## WHAT THE TASK REQUIRES
All that is wanted is the exact lines from the one with "Inside a soft" through the last line of the entries, with both ends kept and every picture left out.

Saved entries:
=-=-=-=-=

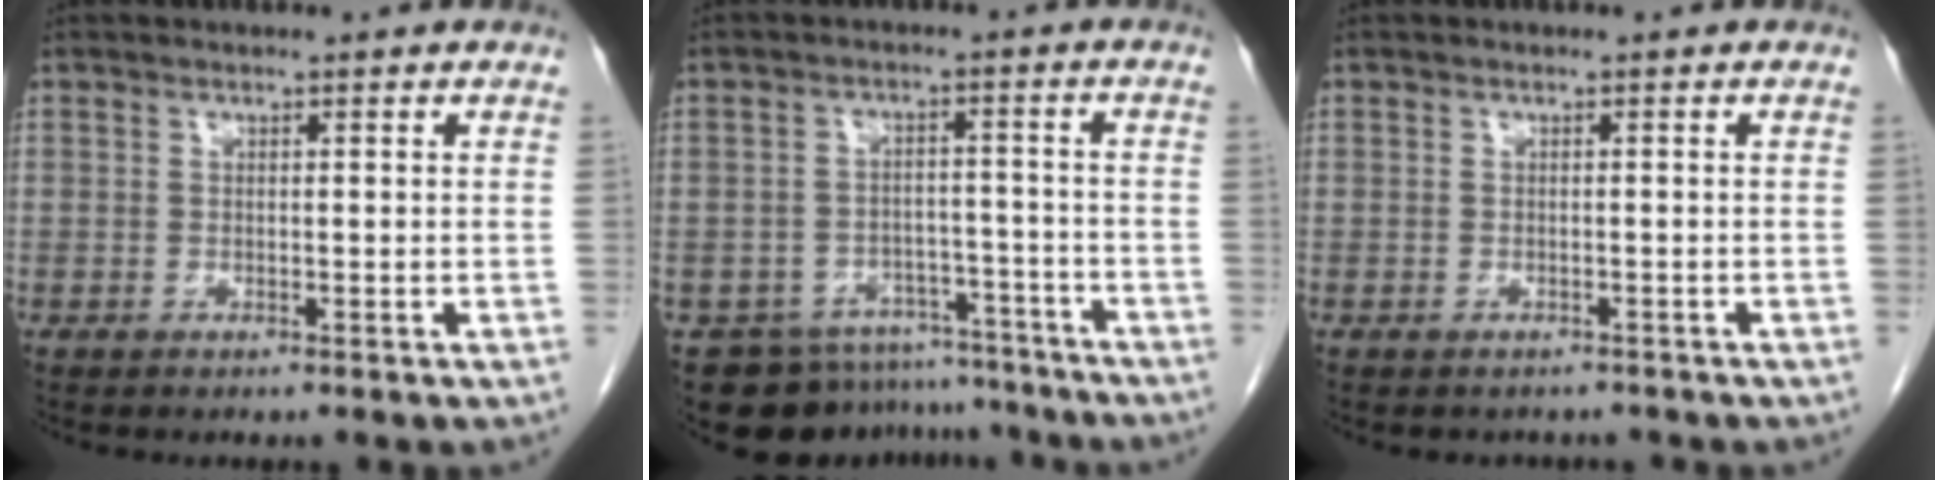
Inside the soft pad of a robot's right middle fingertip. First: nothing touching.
{"total": 12.4, "force": [-10.7, 5.9, 1.8], "torque": [-0.024, 0.021, -0.135]}
{"total": 2.5, "force": [-2.3, 1.2, 0.2], "torque": [-0.006, 0.000, -0.029]}
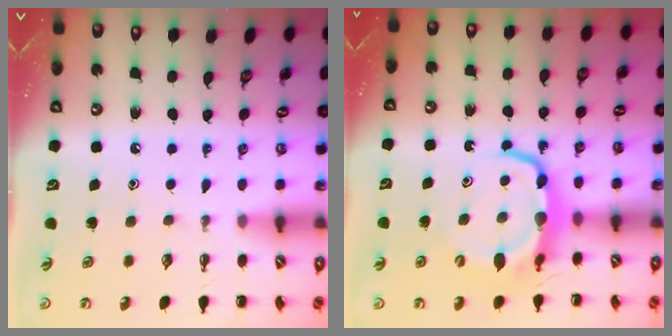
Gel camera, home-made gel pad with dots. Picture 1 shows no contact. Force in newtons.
{"total": 7.7, "press": 7.6, "slide": 1.1}
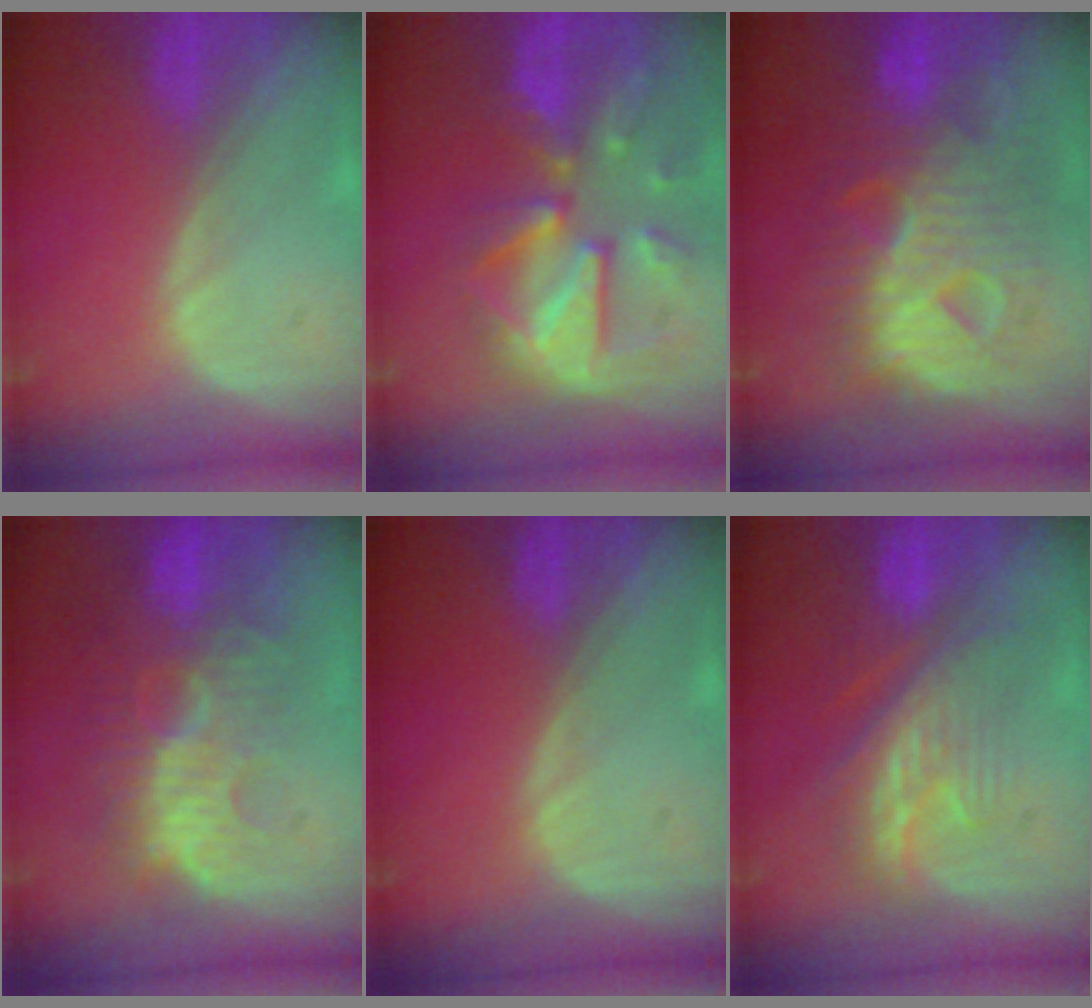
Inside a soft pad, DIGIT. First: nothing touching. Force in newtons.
{"total": 12.1, "press": 10.5, "slide": 6.0}
{"total": 12.7, "press": 12.7, "slide": 1.2}
{"total": 10.7, "press": 9.7, "slide": 4.6}
{"total": 0.0}
{"total": 8.4, "press": 8.1, "slide": 1.9}
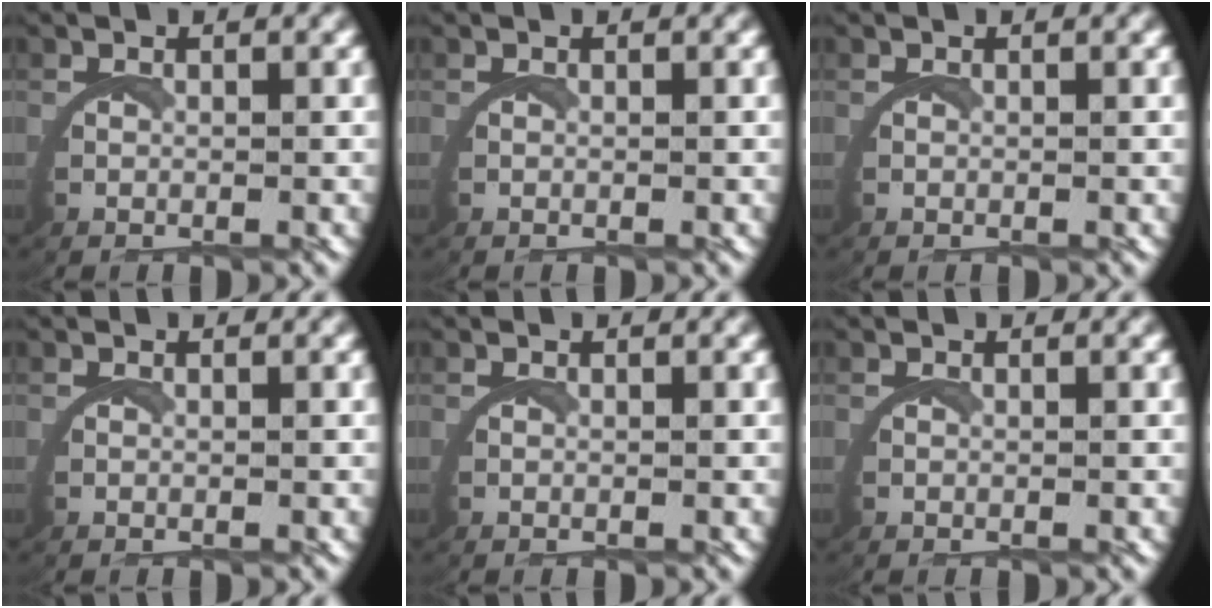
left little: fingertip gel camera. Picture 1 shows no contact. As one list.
[{"total": 0.0}, {"total": 0.0}, {"total": 0.0}, {"total": 0.0}, {"total": 0.0}]
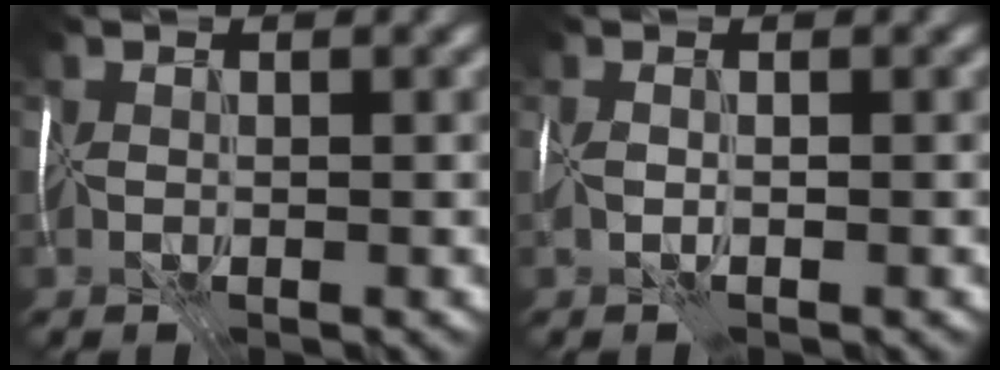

=-=-=-=-=

## FINISHED TASK
Inside a soft pad, DIGIT. First: nothing touching. Force in newtons.
{"total": 12.1, "press": 10.5, "slide": 6.0}
{"total": 12.7, "press": 12.7, "slide": 1.2}
{"total": 10.7, "press": 9.7, "slide": 4.6}
{"total": 0.0}
{"total": 8.4, "press": 8.1, "slide": 1.9}
left little: fingertip gel camera. Picture 1 shows no contact. As one list.
[{"total": 0.0}, {"total": 0.0}, {"total": 0.0}, {"total": 0.0}, {"total": 0.0}]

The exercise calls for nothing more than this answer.